Sunday, June 21, 2009

Eleventh Chapter … Delia Dumitrica, “You Are Your iPod!”

This chapter opens with the question, “Ever wonder what the person next to you is listening to on their iPod?” and unfortunately, the only thoughts I had were the few times I have been next to someone for a length of time who insisted on singing along with the music only he could hear. However, since I enjoy reading Foucault and about his thoughts, the rest of the article was pleasant. Our identity is always under construction, constantly changing, being acted upon by numerous forces. How do we construct our selves? Were does the self fit in reality? What level of agency do we possess and how much are we (pre)determined by external forces?
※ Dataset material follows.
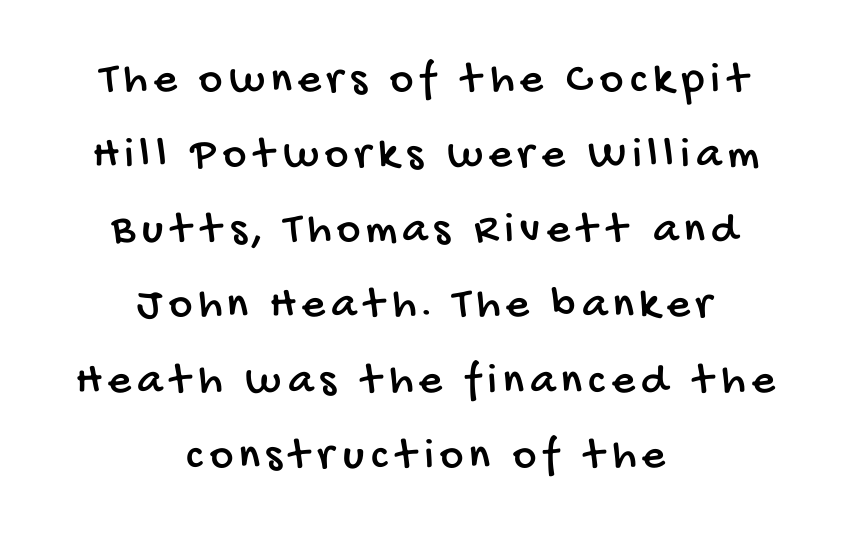
{"serif": "no", "width": "condensed", "stroke_contrast": "low", "x_height": "large", "monospaced": "no", "underline": "no", "align": "center", "line_spacing": "normal", "line_spacing_ratio": 1.67, "glyph_px": 45}
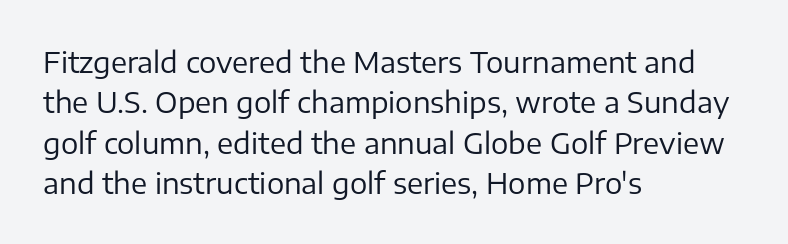
{"serif": "no", "italic": "no", "bold": "no", "weight": "regular", "width": "normal", "stroke_contrast": "low", "x_height": "medium", "monospaced": "no", "underline": "no", "align": "left", "line_spacing": "normal", "line_spacing_ratio": 1.39, "letter_spacing": "normal", "letter_spacing_em": 0.0, "glyph_px": 29}
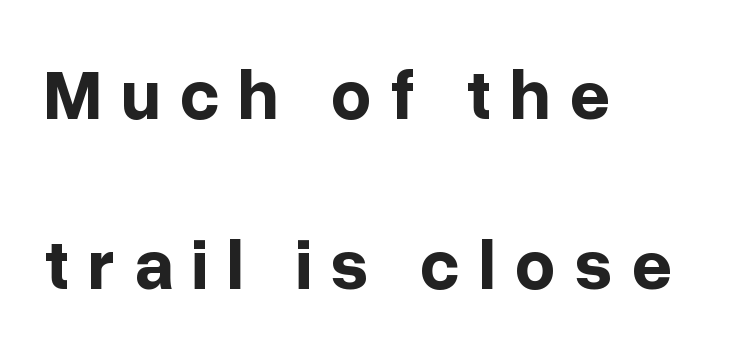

When we consider the iPod to be a technology of the self, it is suddenly much more interesting to me than a music archival system. Could an iPod actual assist a person in leading an exemplary life? If the iPod or iPhone records and identifies the self, a diary style interrogation of the soul, a sharable but presumably private expression of likes, dislikes, thoughts and motives, then the playlist of that persons life may show which culture they have bought into. Are all the songs mainstream top 40 commercially created artists or is there an independent streak of defiant, protesting the issue de jour awareness content? Is there a model self? Whose propaganda would the model self’s iPod contain?

Dumitrica states on page 136-137 “These devices talk about what we deem as important…” Personification that I appreciate; this is how some have found their voice. But the voice Dumitrica offers is very self centered: “The iPod is about me, about my experiences, my time management, my preferences. It separates me from the social world in which my body is present. It signifies a state of being to this world: I am present, but I am with myself. No intrusions, please!”

The technological tool she describes utilizes a dividing practice, much more a separator than a unifier. The discussion about separating the unfit until cured was almost chilling and the closing comments on becoming a work of art was entirely too brief to be effective. Getting joy out of showing Dad your calendar is not my standard definition of art.